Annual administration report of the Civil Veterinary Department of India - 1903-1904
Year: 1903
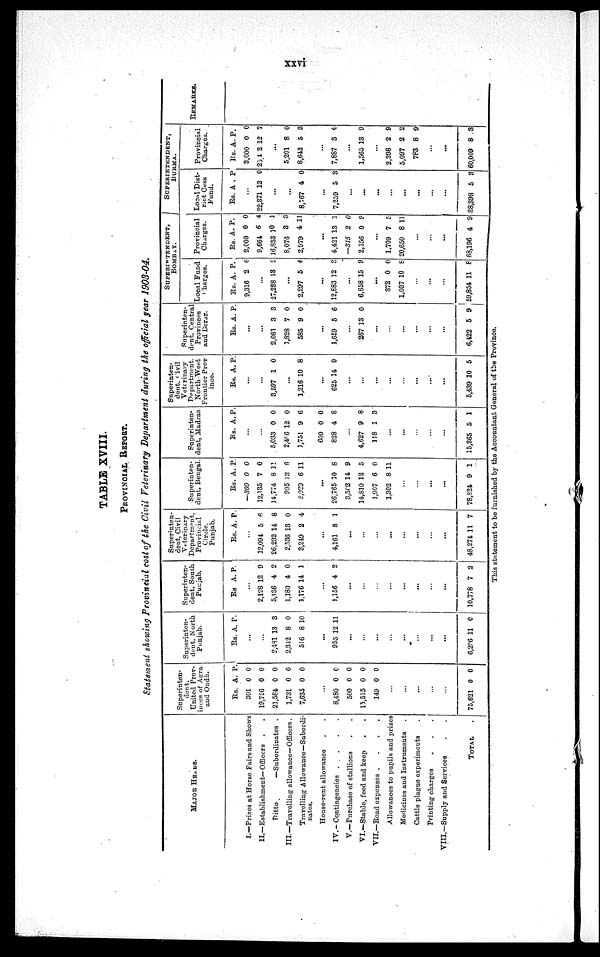
xxvi
TABLE XVIII.
PROVINCIAL REPORT.
Statement showing Provincial cost of the Civil Veterinary Department during the official year 1903-04.
MAJOR
HEADS.
I.—Prizes at Horse Fairs and Shows
II.—Establishment—Officers . .
Ditto
—Subordinates .
III—Travelling allowance—Officers.
Travelling Allowance—Subordi-
nates.
House-rent allowance . .
IV. — Contingencies .
. . .
V.—Purchase of stallions . .
VI.—Stable, feed and keep . .
VII.—Road expenses .
.
.
.
Allowances to pupils and prizes
Medicines and Instruments .
Cattle plague experiments .
Printing charges . . .
VIII.—Supply and Services . .
TOTAL .
Superinten¬
dent.
United Prov¬
inces of Agra
and Oudh.
Rs.
301
19,726
21,584
1,731
7,635
A.
0
0
0
0
0
P.
0
0
0
0
0
...
8,480
500
15,515
149
0
0
0
0
0
0
0
0
...
...
...
...
...
75,621 0 0
Superinten¬
dent, North
Punjab.
Rs. A. P.
...
...
2,431
2,312
516
13
8
8
3
0
10
...
955 12 11
...
...
...
...
...
...
...
...
6,296 11 0
Superinten¬
dent, South
Punjab.
Rs A. P.
...
2,128
5,136
1,180
1,176
12
4
4
14
9
2
0
1
...
1,156 4 2
...
...
...
...
...
...
...
...
10,778 7 2
Superinten¬
dent, Civil
Veterinary
Department,
Provincial
Circle,
Punjab.
Rs. A. P.
...
12,094
26,232
2,536
3,249
5
14
13
2
6
8
0
4
...
4,161 8 1
...
...
...
...
...
...
...
...
48,274 11 7
Superinten¬
dent, Bengal.
Rs.
—360
12,135
14,774
995
2,929
A.
0
7
8
13
6
P.
0
0
1!
6
11
...
26,765
3,562
14,810
1,907
1,302
10
14
12
6
8
8
9
5
0
11
...
...
...
...
78,824 9 1
Superinten¬
dent, Madras
Rs. A. P.
...
...
5,033
2,466
1,751
600
828
0
12
9
0
4
0
0
6
0
8
...
4,627
118
9
1
8
3
...
...
...
...
...
15,365 5 1
Superinten¬
dent.
Civil
Veterinary
Department.
North -West
Frontier Prov
ince.
Rs. A. P.
...
...
3,597 1 0
...
1,216 10 8
...
625 14 9
...
...
...
...
...
...
...
...
5,439 10 5
Superinten¬
dent, Central
Provinces
and Derar.
Rs. A. P.
...
...
2,081
1,823
585
3
7
9
3
0
0
...
1,659 5 6
...
267 13 0
...
...
...
...
...
...
6,422 5 9
SUPERINTENDENT,
BOMBAY.
Local Fund
Charges.
Rs.
9,316
A.
2
P.
0
...
27,288 13 2
...
2,297 5 4
...
12,883 12 3
...
6,658 15 9
...
372
1,037
0
10
0
8
...
...
...
59,854 11 8
Provincial
Charges.
Rs.
2,000
9,664
16,853
8,076
2,979
A.
0
6
l0
3
4
P.
0
4
1
3
11
...
4,421
—315
2,156
13
2
0
1
0
9
...
1,709
20,650
7
8
5
11
...
...
...
68,196 4 9
SUPERINTENDENT,
BURMA.
Local Dist¬
rict Cess
Fund.
Rs. A . P
...
22,371 12 0
...
...
8,767 4 0
...
7,259 5 3
...
...
...
...
...
...
...
...
38,398 5 3
Provincial
Charges.
Rs.
3,000
25, 4 2
A.
0
12
P.
0
7
...
5,201
8,643
8
5
0
3
...
7,887 3 0
...
1,565 13 9
...
2,398
5,097
783
2
2
8
9
2
9
...
...
60,009 8 3
REMARKS.
This statement to be furnished by the Accountant General of the Province.
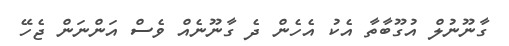
ގާނޫނުލް އުގޫބާތާ އެކު އެހެން ދެ ގާނޫނެއް ވެސް އަންނަން ޖެހޭ
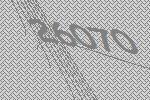
26070
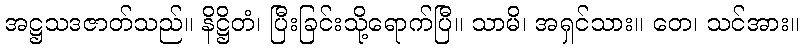
အဋ္ဌသဒဇာတ်သည်။ နိဋ္ဌိတံ၊ ပြီးခြင်းသို့ရောက်ပြီ။ သာမိ၊ အရှင်သား။ တေ၊ သင်အား။
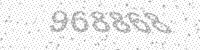
Solution: 968868
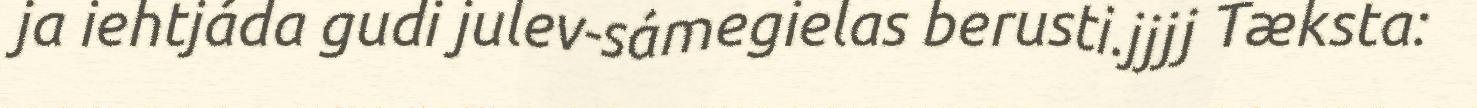
ja iehtjáda gudi julev-sámegielas berusti.jjjj Tæksta:
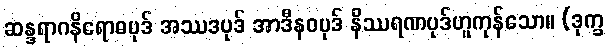
ဆန္ဒရာဂနိရောဓပုဒ် အဿဒပုဒ် အာဒီနဝပုဒ် နိဿရဏပုဒ်ဟူကုန်သော။ (ဒုက္ခ
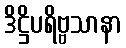
ဒိဋ္ဌိပရိဗ္ဗသာနာ
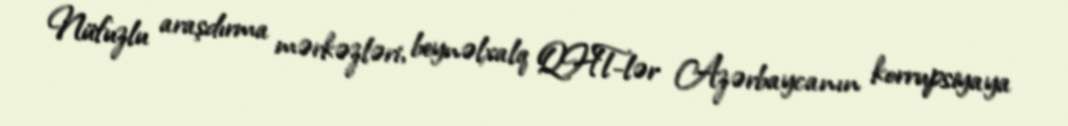
Nüfuzlu araşdırma mərkəzləri, beynəlxalq QHT-lər Azərbaycanın korrupsiyaya
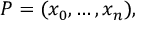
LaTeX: P = ( x _ { 0 } , \ldots , x _ { n } ) , \,
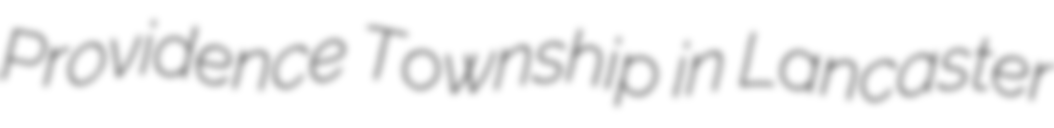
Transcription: Providence Township in Lancaster
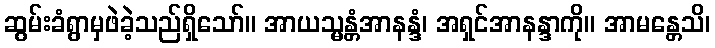
ဆွမ်းခံရွာမှဖဲခဲ့သည်ရှိသော်။ အာယသ္မန္တံအာနန္ဒံ၊ အရှင်အာနန္ဒာကို။ အာမန္တေသိ၊
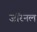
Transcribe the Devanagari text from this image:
जॉरनल
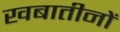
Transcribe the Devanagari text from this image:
खबातीनों
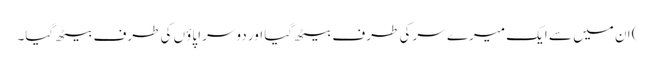
) ان میں سے ایک میرے سر کی طرف بیٹھ گیا اور دوسرا پاؤں کی طرف بیٹھ گیا۔
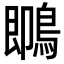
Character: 䳭

━━━━━━━━━━━━━━━━━━━━

▶ Assignment: Reproduce the records verbatim, omitting all images they contain.

▶ Exercise solution:
Annual administration report of the Civil Veterinary Department of India - 1903-1904
Year: 1903
xxvi
TABLE XVIII.
PROVINCIAL REPORT.
Statement showing Provincial cost of the Civil Veterinary Department during the official year 1903-04.
MAJOR
HEADS.
I.—Prizes at Horse Fairs and Shows
II.—Establishment—Officers . .
Ditto
—Subordinates .
III—Travelling allowance—Officers.
Travelling Allowance—Subordi-
nates.
House-rent allowance . .
IV. — Contingencies .
. . .
V.—Purchase of stallions . .
VI.—Stable, feed and keep . .
VII.—Road expenses .
.
.
.
Allowances to pupils and prizes
Medicines and Instruments .
Cattle plague experiments .
Printing charges . . .
VIII.—Supply and Services . .
TOTAL .
Superinten¬
dent.
United Prov¬
inces of Agra
and Oudh.
Rs.
301
19,726
21,584
1,731
7,635
A.
0
0
0
0
0
P.
0
0
0
0
0
...
8,480
500
15,515
149
0
0
0
0
0
0
0
0
...
...
...
...
...
75,621 0 0
Superinten¬
dent, North
Punjab.
Rs. A. P.
...
...
2,431
2,312
516
13
8
8
3
0
10
...
955 12 11
...
...
...
...
...
...
...
...
6,296 11 0
Superinten¬
dent, South
Punjab.
Rs A. P.
...
2,128
5,136
1,180
1,176
12
4
4
14
9
2
0
1
...
1,156 4 2
...
...
...
...
...
...
...
...
10,778 7 2
Superinten¬
dent, Civil
Veterinary
Department,
Provincial
Circle,
Punjab.
Rs. A. P.
...
12,094
26,232
2,536
3,249
5
14
13
2
6
8
0
4
...
4,161 8 1
...
...
...
...
...
...
...
...
48,274 11 7
Superinten¬
dent, Bengal.
Rs.
—360
12,135
14,774
995
2,929
A.
0
7
8
13
6
P.
0
0
1!
6
11
...
26,765
3,562
14,810
1,907
1,302
10
14
12
6
8
8
9
5
0
11
...
...
...
...
78,824 9 1
Superinten¬
dent, Madras
Rs. A. P.
...
...
5,033
2,466
1,751
600
828
0
12
9
0
4
0
0
6
0
8
...
4,627
118
9
1
8
3
...
...
...
...
...
15,365 5 1
Superinten¬
dent.
Civil
Veterinary
Department.
North -West
Frontier Prov
ince.
Rs. A. P.
...
...
3,597 1 0
...
1,216 10 8
...
625 14 9
...
...
...
...
...
...
...
...
5,439 10 5
Superinten¬
dent, Central
Provinces
and Derar.
Rs. A. P.
...
...
2,081
1,823
585
3
7
9
3
0
0
...
1,659 5 6
...
267 13 0
...
...
...
...
...
...
6,422 5 9
SUPERINTENDENT,
BOMBAY.
Local Fund
Charges.
Rs.
9,316
A.
2
P.
0
...
27,288 13 2
...
2,297 5 4
...
12,883 12 3
...
6,658 15 9
...
372
1,037
0
10
0
8
...
...
...
59,854 11 8
Provincial
Charges.
Rs.
2,000
9,664
16,853
8,076
2,979
A.
0
6
l0
3
4
P.
0
4
1
3
11
...
4,421
—315
2,156
13
2
0
1
0
9
...
1,709
20,650
7
8
5
11
...
...
...
68,196 4 9
SUPERINTENDENT,
BURMA.
Local Dist¬
rict Cess
Fund.
Rs. A . P
...
22,371 12 0
...
...
8,767 4 0
...
7,259 5 3
...
...
...
...
...
...
...
...
38,398 5 3
Provincial
Charges.
Rs.
3,000
25, 4 2
A.
0
12
P.
0
7
...
5,201
8,643
8
5
0
3
...
7,887 3 0
...
1,565 13 9
...
2,398
5,097
783
2
2
8
9
2
9
...
...
60,009 8 3
REMARKS.
This statement to be furnished by the Accountant General of the Province.
ގާނޫނުލް އުގޫބާތާ އެކު އެހެން ދެ ގާނޫނެއް ވެސް އަންނަން ޖެހޭ
26070
အဋ္ဌသဒဇာတ်သည်။ နိဋ္ဌိတံ၊ ပြီးခြင်းသို့ရောက်ပြီ။ သာမိ၊ အရှင်သား။ တေ၊ သင်အား။
Solution: 968868
ja iehtjáda gudi julev-sámegielas berusti.jjjj Tæksta:
ဆန္ဒရာဂနိရောဓပုဒ် အဿဒပုဒ် အာဒီနဝပုဒ် နိဿရဏပုဒ်ဟူကုန်သော။ (ဒုက္ခ
ဒိဋ္ဌိပရိဗ္ဗသာနာ
Nüfuzlu araşdırma mərkəzləri, beynəlxalq QHT-lər Azərbaycanın korrupsiyaya
LaTeX: P = ( x _ { 0 } , \ldots , x _ { n } ) , \,
Transcription: Providence Township in Lancaster
ဆွမ်းခံရွာမှဖဲခဲ့သည်ရှိသော်။ အာယသ္မန္တံအာနန္ဒံ၊ အရှင်အာနန္ဒာကို။ အာမန္တေသိ၊
Transcribe the Devanagari text from this image:
जॉरनल
Transcribe the Devanagari text from this image:
खबातीनों
) ان میں سے ایک میرے سر کی طرف بیٹھ گیا اور دوسرا پاؤں کی طرف بیٹھ گیا۔
Character: 䳭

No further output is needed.